What you return should match every record exactly, with the images removed.

========================

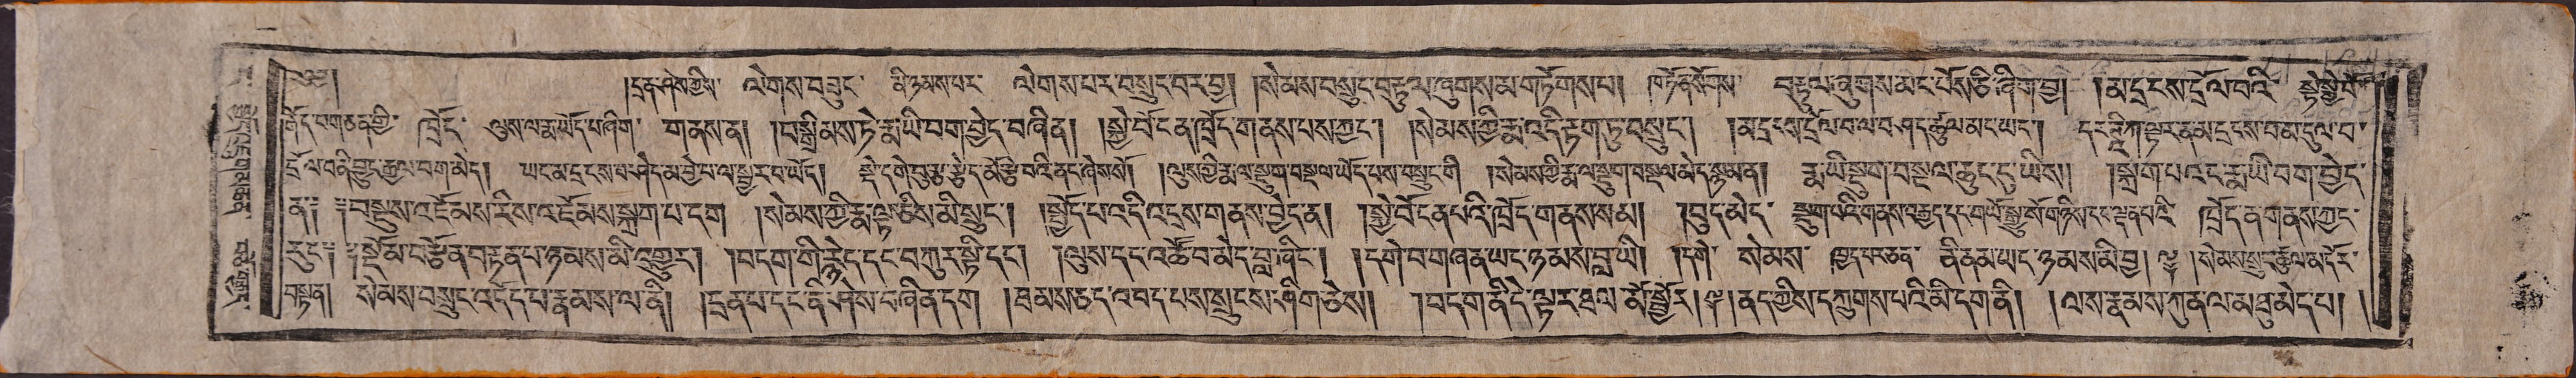༄༅། ། དྲན་ཤེས་ཀྱིས་ལེགས་བཟུང་། མི་ཉམས་པར་ལེགས་པར་བསྲུང་བར་བྱ། །སེམས་བསྲུང་བརྟུལ་ཞུགས་མ་གཏོགས་པ། ཁ་ཏོན་སོགས་བརྟུལ་ཞུགས་མང་པོས་ཅི་ཞིག་བྱ། །མ་དྲངས་དྲལ་བའི་སྟེ་སྐྱེ་བོ་
ཆེད་བར་ཅན་གྱི་ཁྲོད་ལུས་ལ་རྨ་ཡོད་པ་ཞིག་གནས་ན། །བསྒྲིམས་ཏེ་རྨ་ཡི་བག་བྱེད་བཞིན། །སྐྱེ་བོ་ངན་ཁྲོད་གནས་པས་ཀྱང་། །སེམས་ཀྱི་རྨ་འདི་རྟག་ཏུ་བསྲུང་། །མ་དྲངས་དྲོལ་བ་ལ་བཤད་ཚུལ་མང་ཡང་། དར་ཌཱི་ཀ་ལྟར་ན་མ་དྲངས་པ་མ་དུལ་བ།
དྲོལ་བ་ནི་བྱུང་རྒྱལ་བག་མེད། ཡང་མ་དྲངས་པ་ཤེད་མ་བྱེ་བ་ལ་སྦྱར་བ་ཡོད། སྡེ་དགེ་བུ་རྩ་རྩེད་མོ་རྩེ་བའི་ནག་ཞེས་སོ། །ལུས་ཀྱི་རྨ་ལ་སྡུག་བསྔལ་ཡོད་པས་བསྲུང་གི །སེམས་ཀྱི་རྨ་ལ་སྡུག་བསྔལ་མེད་སྙམ་ན། རྨ་ཡི་སྡུག་བསྔལ་ཆུང་ངུ་ཡིས། །སྐྲག་པའང་རྨ་ཡི་བག་བྱེད་
ན༑ ༑བསྡུས་འཇོམས་རིས་འཇོམས་སྐྲག་པ་དག །སེམས་ཀྱི་རྨ་ལྟ་ཅིས་མི་སྲུང་། །སྤྱོད་པ་འདི་འདྲས་གནས་བྱེད་ན། །སྐྱེ་བོ་ངན་པའི་ཁྲོད་གནས་སམ། །བུད་མེད་སྡུག་པའི་གནས་བརྒྱད་དང་གཡོ་སྒྱུ་སོ་གཉིས་དང་ལྡན་པའི་ཁྲོད་ན་གནས་ཀྱང་
རུང༑ །སྡོམ་བརྩོན་བརྟན་པ་ཉམས་མི་འགྱུར། །བདག་གི་རྙེད་དང་བཀུར་སྟི་དང་། །ལུས་དང་འཚོ་བ་མེད་བླ་ཞིང་། །དགེ་བ་གཞན་ཡང་ཉམས་བླ་ཡི། །དགེ་སེམས་ཁྱད་པར་ཅན་ནི་ནམ་ཡང་ཉམས་མི་བྱ། ༈ །སེམས་སྲུང་ཚུལ་མདོར་
བསྟན། སེམས་བསྲུང་འདོད་པ་རྣམས་ལ་ནི། །དྲན་པ་དང་ནི་ཤེས་བཞིན་དག །ཐམས་ཅད་འབད་པས་སྲུངས་ཤིག་ཅེས། །བདག་ནི་དེ་ལྟར་ཐལ་མོ་སྦྱོར། ༈ །ནད་ཀྱིས་དཀྲུགས་པའི་མི་དག་ནི། །ལས་རྣམས་ཀུན་ལ་མཐུ་མེད་པ། །

========================

*Task output*.
༄༅། ། དྲན་ཤེས་ཀྱིས་ལེགས་བཟུང་། མི་ཉམས་པར་ལེགས་པར་བསྲུང་བར་བྱ། །སེམས་བསྲུང་བརྟུལ་ཞུགས་མ་གཏོགས་པ། ཁ་ཏོན་སོགས་བརྟུལ་ཞུགས་མང་པོས་ཅི་ཞིག་བྱ། །མ་དྲངས་དྲལ་བའི་སྟེ་སྐྱེ་བོ་
ཆེད་བར་ཅན་གྱི་ཁྲོད་ལུས་ལ་རྨ་ཡོད་པ་ཞིག་གནས་ན། །བསྒྲིམས་ཏེ་རྨ་ཡི་བག་བྱེད་བཞིན། །སྐྱེ་བོ་ངན་ཁྲོད་གནས་པས་ཀྱང་། །སེམས་ཀྱི་རྨ་འདི་རྟག་ཏུ་བསྲུང་། །མ་དྲངས་དྲོལ་བ་ལ་བཤད་ཚུལ་མང་ཡང་། དར་ཌཱི་ཀ་ལྟར་ན་མ་དྲངས་པ་མ་དུལ་བ།
དྲོལ་བ་ནི་བྱུང་རྒྱལ་བག་མེད། ཡང་མ་དྲངས་པ་ཤེད་མ་བྱེ་བ་ལ་སྦྱར་བ་ཡོད། སྡེ་དགེ་བུ་རྩ་རྩེད་མོ་རྩེ་བའི་ནག་ཞེས་སོ། །ལུས་ཀྱི་རྨ་ལ་སྡུག་བསྔལ་ཡོད་པས་བསྲུང་གི །སེམས་ཀྱི་རྨ་ལ་སྡུག་བསྔལ་མེད་སྙམ་ན། རྨ་ཡི་སྡུག་བསྔལ་ཆུང་ངུ་ཡིས། །སྐྲག་པའང་རྨ་ཡི་བག་བྱེད་
ན༑ ༑བསྡུས་འཇོམས་རིས་འཇོམས་སྐྲག་པ་དག །སེམས་ཀྱི་རྨ་ལྟ་ཅིས་མི་སྲུང་། །སྤྱོད་པ་འདི་འདྲས་གནས་བྱེད་ན། །སྐྱེ་བོ་ངན་པའི་ཁྲོད་གནས་སམ། །བུད་མེད་སྡུག་པའི་གནས་བརྒྱད་དང་གཡོ་སྒྱུ་སོ་གཉིས་དང་ལྡན་པའི་ཁྲོད་ན་གནས་ཀྱང་
རུང༑ །སྡོམ་བརྩོན་བརྟན་པ་ཉམས་མི་འགྱུར། །བདག་གི་རྙེད་དང་བཀུར་སྟི་དང་། །ལུས་དང་འཚོ་བ་མེད་བླ་ཞིང་། །དགེ་བ་གཞན་ཡང་ཉམས་བླ་ཡི། །དགེ་སེམས་ཁྱད་པར་ཅན་ནི་ནམ་ཡང་ཉམས་མི་བྱ། ༈ །སེམས་སྲུང་ཚུལ་མདོར་
བསྟན། སེམས་བསྲུང་འདོད་པ་རྣམས་ལ་ནི། །དྲན་པ་དང་ནི་ཤེས་བཞིན་དག །ཐམས་ཅད་འབད་པས་སྲུངས་ཤིག་ཅེས། །བདག་ནི་དེ་ལྟར་ཐལ་མོ་སྦྱོར། ༈ །ནད་ཀྱིས་དཀྲུགས་པའི་མི་དག་ནི། །ལས་རྣམས་ཀུན་ལ་མཐུ་མེད་པ། །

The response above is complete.